Madin–Darby canine kidney type II cells (Sigma Aldrich) were cultured in low glucose Dulbecco’s modified eagle medium (DMEM, Fisher Scientific) and fetal bovine serum until nearly confluent. MDCK cells were removed from culture dishes by incubation with Trypsin-EDTA (Thermo Fisher Scientific) and then seeded onto PA gels coated with collagen-I. The cells were allowed to adhere and proliferate for 24 h, until nearly confluent, prior to staining with 8 μM Calcien AM for 20 min in media, and then imaging.

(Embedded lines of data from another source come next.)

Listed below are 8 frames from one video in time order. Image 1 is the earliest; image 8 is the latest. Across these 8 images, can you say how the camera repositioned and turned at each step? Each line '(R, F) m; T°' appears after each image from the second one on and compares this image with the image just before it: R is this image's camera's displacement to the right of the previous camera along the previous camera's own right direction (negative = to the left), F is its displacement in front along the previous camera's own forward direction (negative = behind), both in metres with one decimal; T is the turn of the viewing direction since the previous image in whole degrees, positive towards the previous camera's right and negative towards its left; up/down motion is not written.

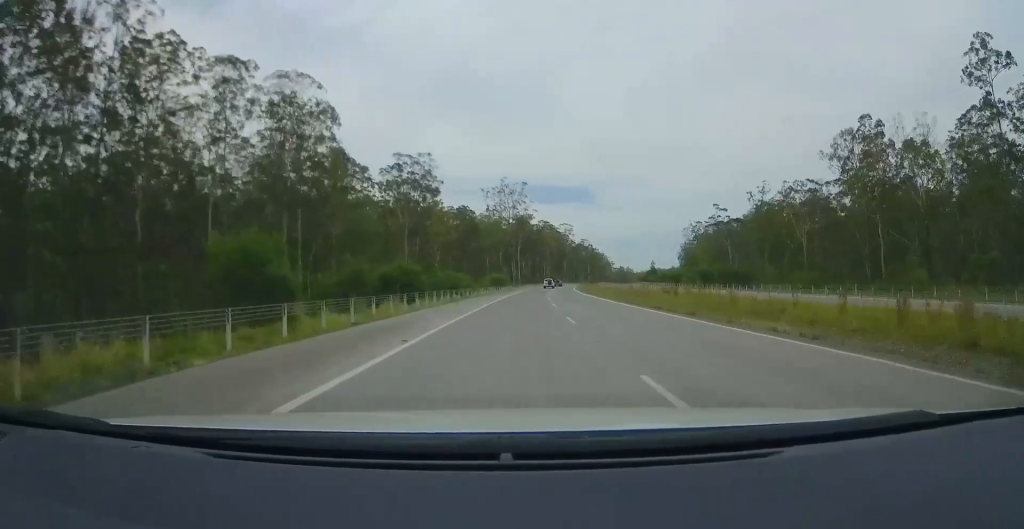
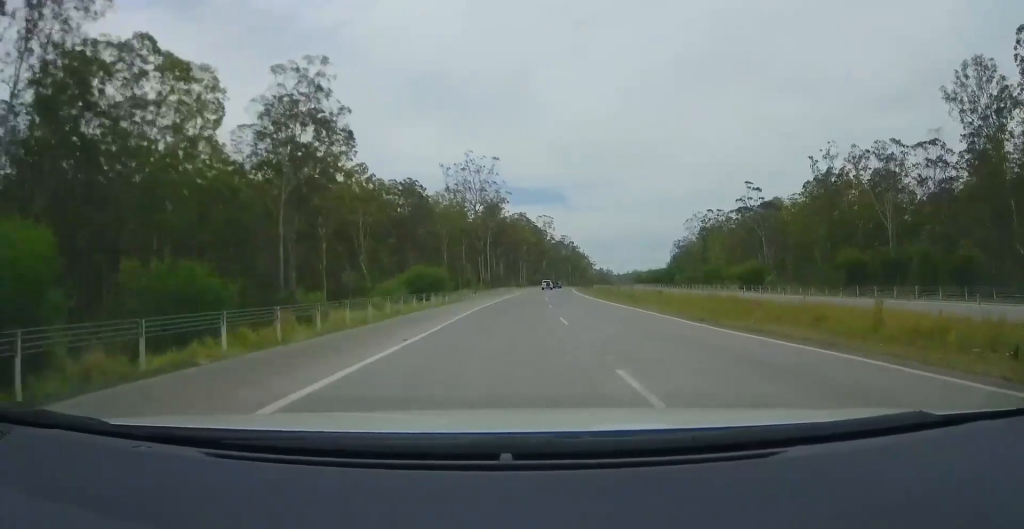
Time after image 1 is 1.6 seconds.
(+1.9, +47.0) m; +5°
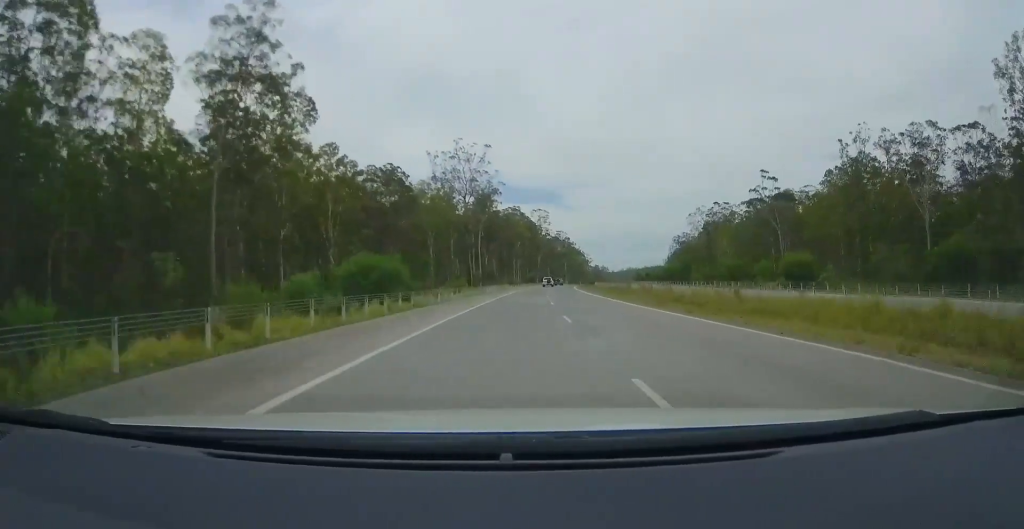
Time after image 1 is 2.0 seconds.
(+0.2, +13.1) m; +1°
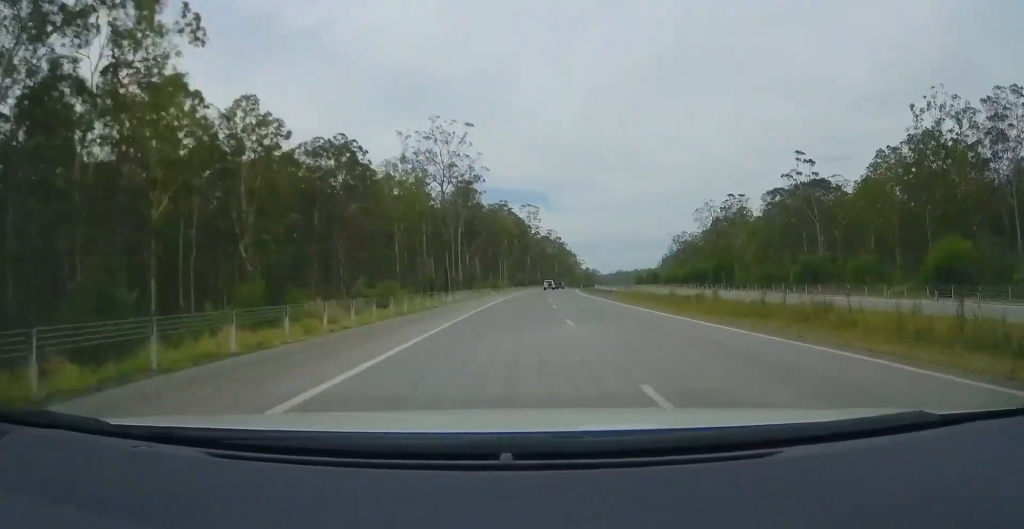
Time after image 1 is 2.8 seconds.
(+0.4, +23.9) m; +1°
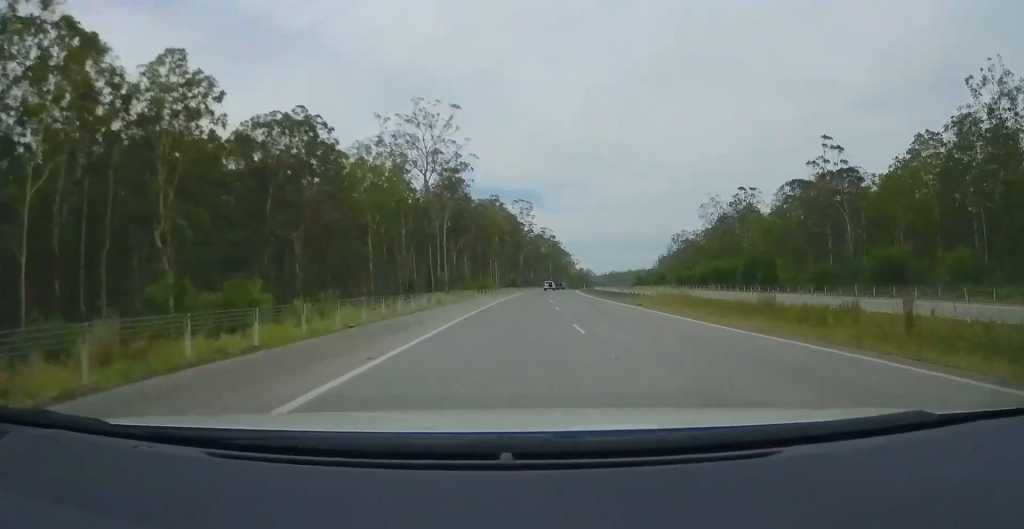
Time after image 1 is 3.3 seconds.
(0.0, +14.3) m; 0°
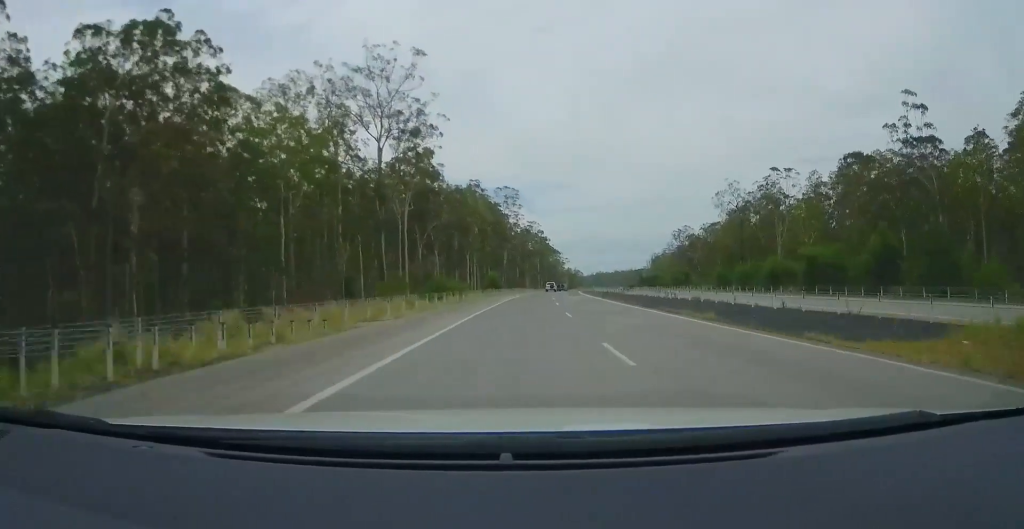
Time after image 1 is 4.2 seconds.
(+0.3, +28.8) m; +1°
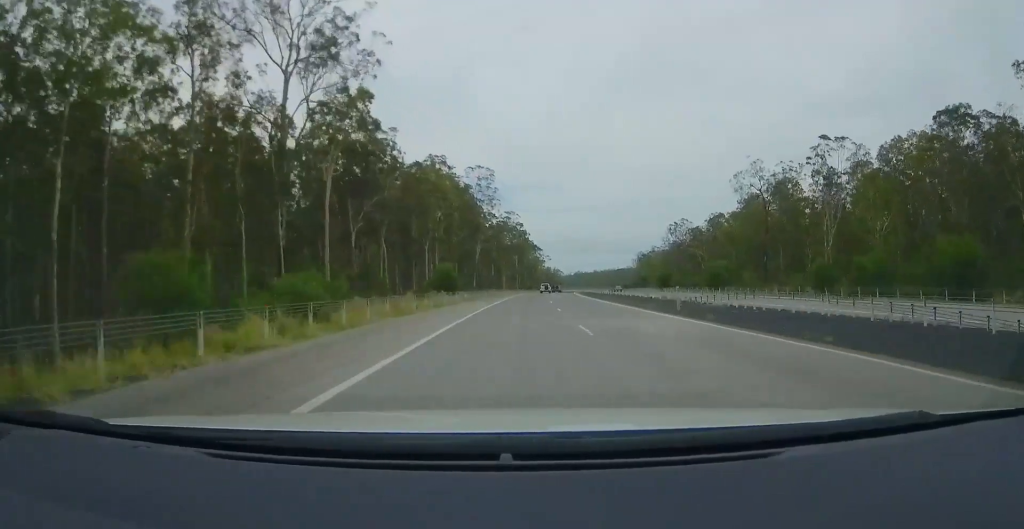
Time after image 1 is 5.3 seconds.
(+0.4, +31.3) m; +1°
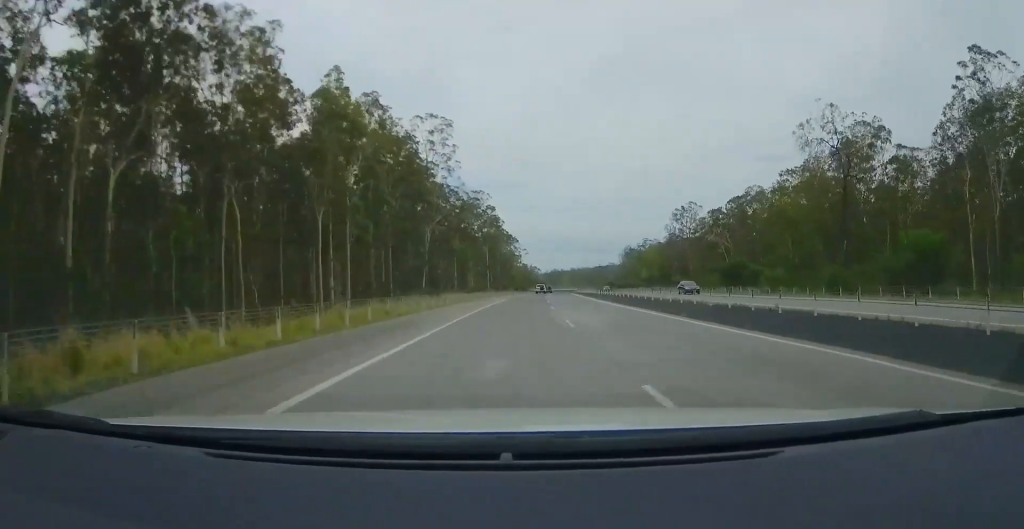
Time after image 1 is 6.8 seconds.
(+0.3, +44.9) m; +1°

All live-cell experiments were conducted in a custom-built temperature control chamber at \(37\,^{\circ } \hbox {C}\). Three-dimensional z-stacks of fluorescent microbeads in the substrate and fluorescently labeled cells on the substrate surface were taken simultaneously to capture displacement information. Following acquisition of images of both types of cells, cells were removed from the PA gels using 5% sodium dodecyl sulfate (SDS). A final volumetric image stack for the reference condition was acquired 15 min after the addition of the SDS, when all of the cells had detached from the gels.

Computational requirements

Cell image stacks were taken at 2560 px \(\times\) 2156 px by 101 slices and cropped to 1024 voxels \(\times\) 1024 voxels \(\times\)  40 voxels around the cell border for analysis on a desktop PC with 32 GB of RAM. Deconvolution, the most memory-intensive step of the process, requires approximately 64 GB RAM for full-size images, which may take several hours per image, but both time and memory usage is significantly reduced for the cropped images. Regarding processing time (Intel i7-4790 at 4 GHz, 32 GB DDR3 at 1600 MHz, NVME M.2 solid state storage drive, synthetic validation test case), deconvolution of the cropped images takes approximately 90 s per image stack. Timing for bead localization and computing displacements closely follows the timing results in Patel et al.26—approximately 20 s on 3 parallel threads. Regularization is completed in approximately 1 min, and the following plotting and output steps are accomplished in approximately 20 s. By far the most time consuming stage of the computational process is the finite element solver, which is computed with 16 GB and 2 CPU cores allocated for Docker in approximately 10 min per time point image pair. In future, more extensive multi-processor capability could be straightforwardly added if needed. Post-processing to compute surface tractions takes only a few tenths of a second. Thus total runtime (neglecting time for user interaction) may be budgeted at approximately 15 min per time point image pair.